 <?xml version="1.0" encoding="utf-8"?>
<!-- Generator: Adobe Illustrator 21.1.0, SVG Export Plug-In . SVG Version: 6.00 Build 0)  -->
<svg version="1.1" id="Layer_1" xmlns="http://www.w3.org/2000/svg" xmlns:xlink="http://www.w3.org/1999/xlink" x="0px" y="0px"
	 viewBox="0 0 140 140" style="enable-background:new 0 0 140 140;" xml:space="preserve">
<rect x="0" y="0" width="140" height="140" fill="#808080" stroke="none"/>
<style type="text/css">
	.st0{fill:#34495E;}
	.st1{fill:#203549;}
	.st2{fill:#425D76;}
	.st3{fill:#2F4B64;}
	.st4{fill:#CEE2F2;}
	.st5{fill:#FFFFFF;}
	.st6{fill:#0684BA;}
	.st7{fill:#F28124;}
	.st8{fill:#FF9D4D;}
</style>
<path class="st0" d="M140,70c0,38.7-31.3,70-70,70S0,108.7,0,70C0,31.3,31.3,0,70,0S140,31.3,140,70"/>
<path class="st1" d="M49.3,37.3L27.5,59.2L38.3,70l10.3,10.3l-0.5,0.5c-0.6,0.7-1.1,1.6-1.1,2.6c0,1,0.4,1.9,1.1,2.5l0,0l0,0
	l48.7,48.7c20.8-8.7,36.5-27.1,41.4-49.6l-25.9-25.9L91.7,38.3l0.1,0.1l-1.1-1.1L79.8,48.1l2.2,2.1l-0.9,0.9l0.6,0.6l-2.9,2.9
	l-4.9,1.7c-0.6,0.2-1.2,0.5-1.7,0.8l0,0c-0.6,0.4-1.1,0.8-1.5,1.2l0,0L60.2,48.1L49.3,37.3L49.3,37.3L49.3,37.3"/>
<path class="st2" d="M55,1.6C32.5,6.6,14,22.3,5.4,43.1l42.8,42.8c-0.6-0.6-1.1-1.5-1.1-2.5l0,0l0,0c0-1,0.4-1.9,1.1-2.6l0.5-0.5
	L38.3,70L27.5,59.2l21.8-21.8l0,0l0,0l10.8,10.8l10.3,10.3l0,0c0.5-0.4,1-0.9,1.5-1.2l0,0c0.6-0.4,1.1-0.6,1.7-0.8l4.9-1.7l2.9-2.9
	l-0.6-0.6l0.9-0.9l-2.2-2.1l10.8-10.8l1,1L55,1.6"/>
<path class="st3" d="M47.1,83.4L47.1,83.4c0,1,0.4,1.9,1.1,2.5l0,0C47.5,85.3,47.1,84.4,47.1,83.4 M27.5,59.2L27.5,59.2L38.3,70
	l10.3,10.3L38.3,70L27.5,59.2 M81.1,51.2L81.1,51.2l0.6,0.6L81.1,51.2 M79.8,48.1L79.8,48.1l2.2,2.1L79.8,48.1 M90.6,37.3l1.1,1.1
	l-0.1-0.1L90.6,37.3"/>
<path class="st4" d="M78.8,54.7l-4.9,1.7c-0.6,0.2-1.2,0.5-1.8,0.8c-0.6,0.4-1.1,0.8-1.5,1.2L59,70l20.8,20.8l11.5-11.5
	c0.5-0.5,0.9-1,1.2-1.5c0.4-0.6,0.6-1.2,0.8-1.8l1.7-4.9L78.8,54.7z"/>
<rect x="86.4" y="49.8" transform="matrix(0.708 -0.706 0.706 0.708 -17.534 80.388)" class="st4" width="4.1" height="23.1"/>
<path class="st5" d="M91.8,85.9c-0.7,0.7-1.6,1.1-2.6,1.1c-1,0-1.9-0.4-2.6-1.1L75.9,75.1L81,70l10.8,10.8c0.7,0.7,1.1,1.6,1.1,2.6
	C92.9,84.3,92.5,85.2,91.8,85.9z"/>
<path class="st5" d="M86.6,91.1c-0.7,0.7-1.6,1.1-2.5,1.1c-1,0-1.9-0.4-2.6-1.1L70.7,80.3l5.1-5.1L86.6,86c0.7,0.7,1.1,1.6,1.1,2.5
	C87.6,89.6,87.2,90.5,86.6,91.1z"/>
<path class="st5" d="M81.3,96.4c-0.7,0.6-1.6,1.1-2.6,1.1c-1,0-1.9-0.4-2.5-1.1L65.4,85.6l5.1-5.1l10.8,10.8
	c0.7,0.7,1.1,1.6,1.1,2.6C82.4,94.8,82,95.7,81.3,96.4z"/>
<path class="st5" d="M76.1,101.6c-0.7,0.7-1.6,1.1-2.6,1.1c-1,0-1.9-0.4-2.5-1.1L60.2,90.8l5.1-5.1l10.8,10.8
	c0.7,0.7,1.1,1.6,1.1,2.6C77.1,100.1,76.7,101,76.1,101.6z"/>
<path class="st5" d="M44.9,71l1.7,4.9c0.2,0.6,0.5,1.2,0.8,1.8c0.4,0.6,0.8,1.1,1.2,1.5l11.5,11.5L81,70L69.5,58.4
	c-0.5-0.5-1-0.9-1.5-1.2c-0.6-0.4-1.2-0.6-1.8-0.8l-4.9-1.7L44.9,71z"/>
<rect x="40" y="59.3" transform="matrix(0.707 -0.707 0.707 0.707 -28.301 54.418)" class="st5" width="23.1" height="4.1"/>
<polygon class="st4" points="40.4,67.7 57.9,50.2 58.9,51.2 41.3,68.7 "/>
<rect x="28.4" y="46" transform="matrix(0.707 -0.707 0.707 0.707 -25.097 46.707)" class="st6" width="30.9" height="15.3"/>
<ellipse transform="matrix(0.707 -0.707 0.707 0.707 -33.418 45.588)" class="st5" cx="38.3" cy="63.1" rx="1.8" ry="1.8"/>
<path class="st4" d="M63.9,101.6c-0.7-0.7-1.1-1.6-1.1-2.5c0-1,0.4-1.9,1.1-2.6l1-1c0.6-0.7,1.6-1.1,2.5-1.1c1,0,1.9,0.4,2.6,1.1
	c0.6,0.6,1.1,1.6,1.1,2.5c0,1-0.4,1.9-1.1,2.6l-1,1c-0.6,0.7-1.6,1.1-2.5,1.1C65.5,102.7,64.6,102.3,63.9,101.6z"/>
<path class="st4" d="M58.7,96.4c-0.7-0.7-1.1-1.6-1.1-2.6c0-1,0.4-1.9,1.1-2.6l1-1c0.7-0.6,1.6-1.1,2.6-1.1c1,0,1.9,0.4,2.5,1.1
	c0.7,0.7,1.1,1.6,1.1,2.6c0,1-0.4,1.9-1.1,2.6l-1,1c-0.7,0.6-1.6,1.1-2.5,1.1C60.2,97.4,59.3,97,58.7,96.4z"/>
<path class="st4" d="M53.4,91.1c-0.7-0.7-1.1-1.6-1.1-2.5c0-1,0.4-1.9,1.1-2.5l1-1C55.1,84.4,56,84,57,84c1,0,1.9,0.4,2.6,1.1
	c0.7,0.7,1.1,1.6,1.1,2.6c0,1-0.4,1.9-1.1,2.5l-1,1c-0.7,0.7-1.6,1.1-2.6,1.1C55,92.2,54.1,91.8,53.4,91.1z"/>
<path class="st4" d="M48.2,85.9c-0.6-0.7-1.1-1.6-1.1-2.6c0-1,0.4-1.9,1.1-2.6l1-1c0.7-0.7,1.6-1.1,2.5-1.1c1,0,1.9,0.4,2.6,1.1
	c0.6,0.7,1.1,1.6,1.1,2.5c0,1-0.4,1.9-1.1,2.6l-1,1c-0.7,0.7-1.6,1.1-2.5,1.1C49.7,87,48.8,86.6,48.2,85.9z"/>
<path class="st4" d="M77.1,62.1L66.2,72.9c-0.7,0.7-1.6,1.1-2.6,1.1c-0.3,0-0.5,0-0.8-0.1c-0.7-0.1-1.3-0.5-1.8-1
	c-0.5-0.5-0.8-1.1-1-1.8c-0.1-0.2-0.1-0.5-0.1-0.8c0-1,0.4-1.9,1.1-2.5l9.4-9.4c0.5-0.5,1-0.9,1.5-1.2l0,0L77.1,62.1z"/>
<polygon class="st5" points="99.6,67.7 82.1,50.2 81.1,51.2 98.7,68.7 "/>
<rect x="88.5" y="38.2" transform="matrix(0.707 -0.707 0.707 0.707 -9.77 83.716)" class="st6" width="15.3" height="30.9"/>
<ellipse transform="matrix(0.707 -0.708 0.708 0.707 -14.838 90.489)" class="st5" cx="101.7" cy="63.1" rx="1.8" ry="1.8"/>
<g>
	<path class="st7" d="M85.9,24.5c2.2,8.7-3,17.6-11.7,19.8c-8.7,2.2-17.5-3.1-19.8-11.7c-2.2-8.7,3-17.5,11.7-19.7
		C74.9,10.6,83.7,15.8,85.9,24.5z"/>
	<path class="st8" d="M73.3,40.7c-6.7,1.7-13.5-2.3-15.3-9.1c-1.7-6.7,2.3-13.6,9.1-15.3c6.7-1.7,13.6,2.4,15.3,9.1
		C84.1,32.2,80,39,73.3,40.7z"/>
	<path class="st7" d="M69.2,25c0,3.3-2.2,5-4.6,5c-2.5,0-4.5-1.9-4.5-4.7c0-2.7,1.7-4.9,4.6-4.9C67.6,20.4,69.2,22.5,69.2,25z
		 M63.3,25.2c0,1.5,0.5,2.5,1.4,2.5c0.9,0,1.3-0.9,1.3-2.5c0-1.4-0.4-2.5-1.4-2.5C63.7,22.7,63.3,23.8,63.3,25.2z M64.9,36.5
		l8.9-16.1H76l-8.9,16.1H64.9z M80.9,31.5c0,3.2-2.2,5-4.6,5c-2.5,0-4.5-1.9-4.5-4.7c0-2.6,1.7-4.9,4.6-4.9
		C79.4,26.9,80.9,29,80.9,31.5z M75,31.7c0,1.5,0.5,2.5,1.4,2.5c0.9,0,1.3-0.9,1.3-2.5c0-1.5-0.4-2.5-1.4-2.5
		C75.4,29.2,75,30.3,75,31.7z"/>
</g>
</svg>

§ The task: Which of the lines above include the string "fill"? Pick them out and copy them.

§ Answer box:
<rect x="0" y="0" width="140" height="140" fill="#808080" stroke="none"/>
	.st0{fill:#34495E;}
	.st1{fill:#203549;}
	.st2{fill:#425D76;}
	.st3{fill:#2F4B64;}
	.st4{fill:#CEE2F2;}
	.st5{fill:#FFFFFF;}
	.st6{fill:#0684BA;}
	.st7{fill:#F28124;}
	.st8{fill:#FF9D4D;}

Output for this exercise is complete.